┌──

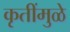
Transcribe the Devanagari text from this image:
कृतींमुळे
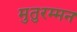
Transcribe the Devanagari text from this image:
मुतुरम्मन
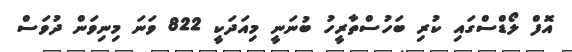
އޮފް ލޯޑްސްގައި ކުރި ބަހުސްތާރީހު ބުނަނީ މިއަދަކީ 822 ވަނަ މިނިވަން ދުވަސް
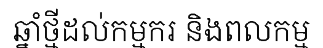
ឆ្នាំថ្មីដល់កម្មករ និងពលកម្ម
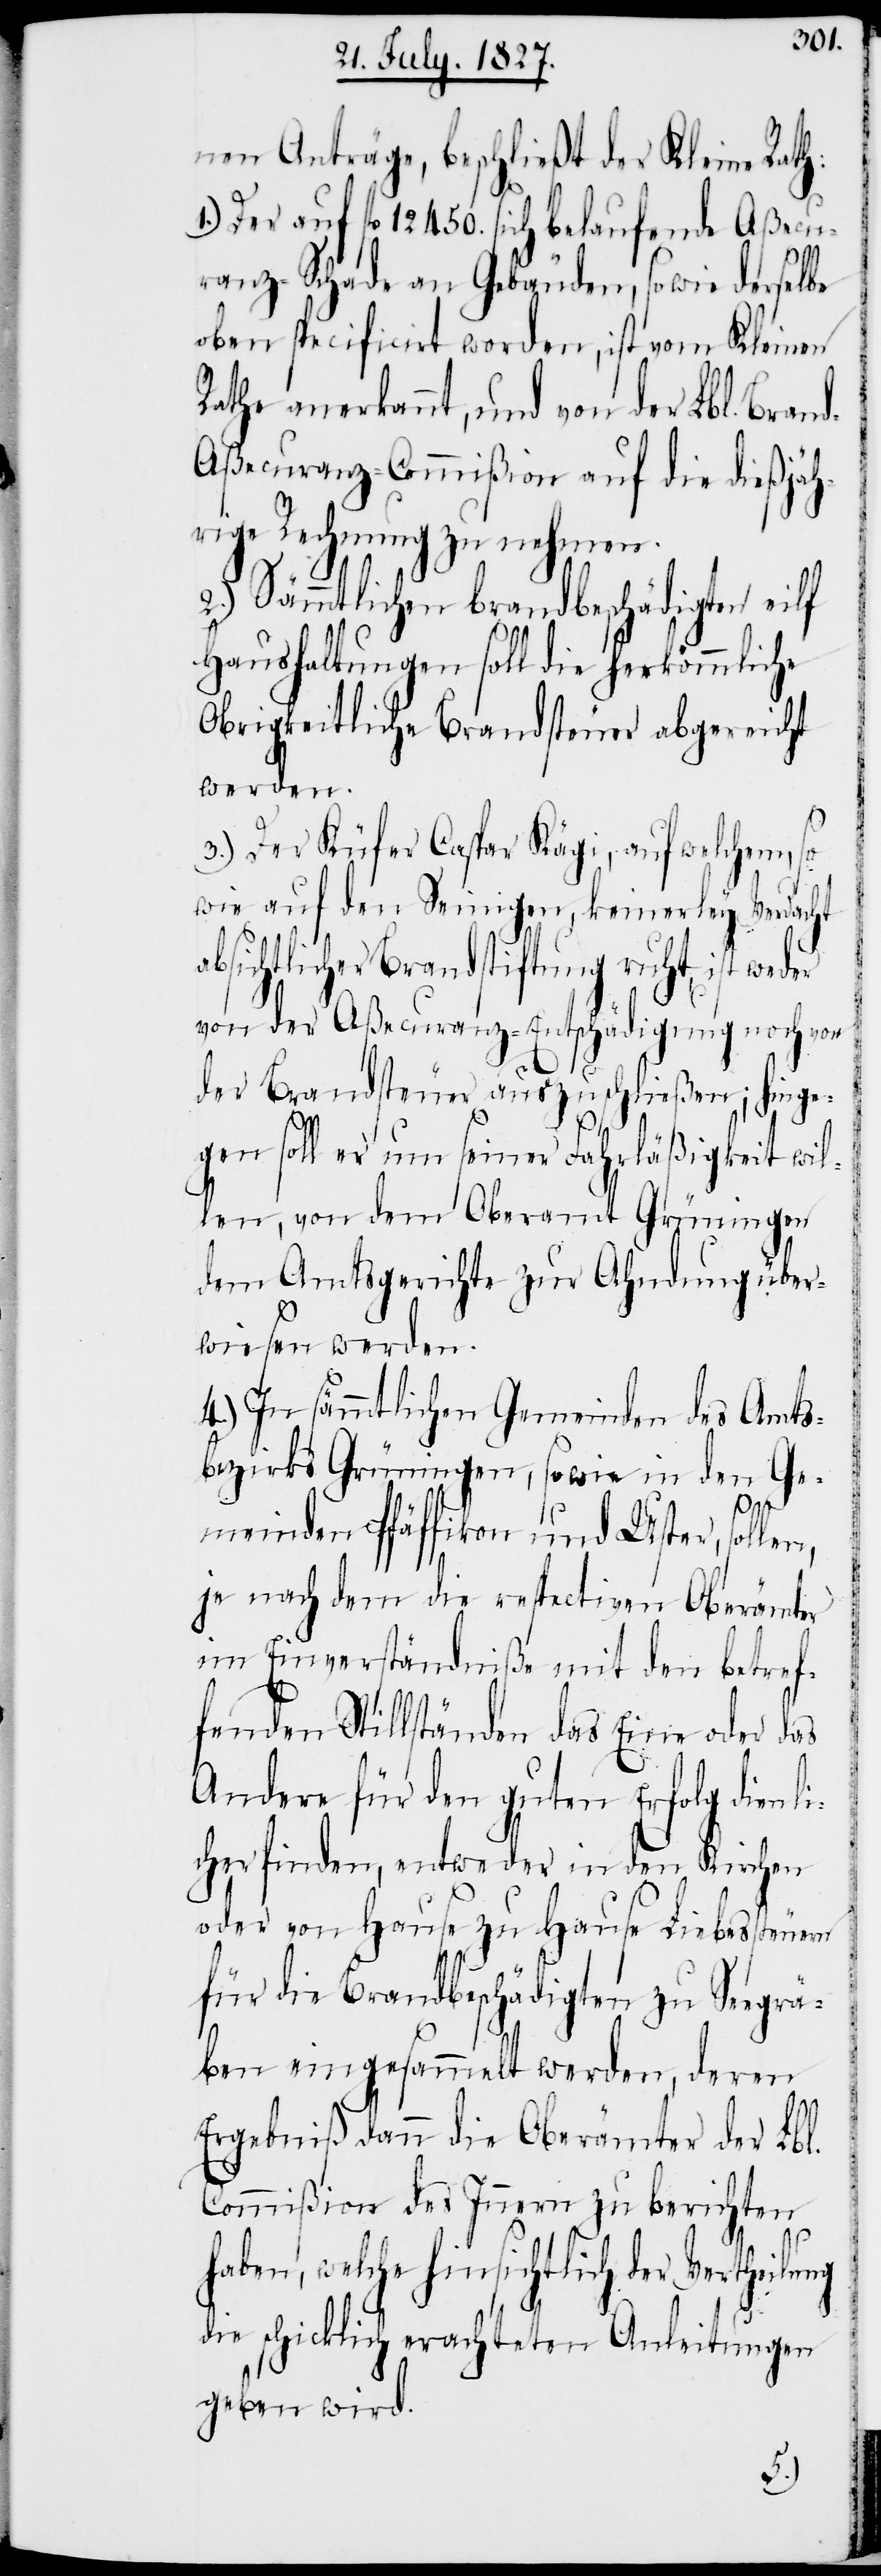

└──

Problem to solve: Return the listing above in full and unaltered. Keep the pictures out.

Exercise output:
Transcribe the Devanagari text from this image:
कृतींमुळे
Transcribe the Devanagari text from this image:
मुतुरम्मन
އޮފް ލޯޑްސްގައި ކުރި ބަހުސްތާރީހު ބުނަނީ މިއަދަކީ 822 ވަނަ މިނިވަން ދުވަސް
ឆ្នាំថ្មីដល់កម្មករ និងពលកម្ម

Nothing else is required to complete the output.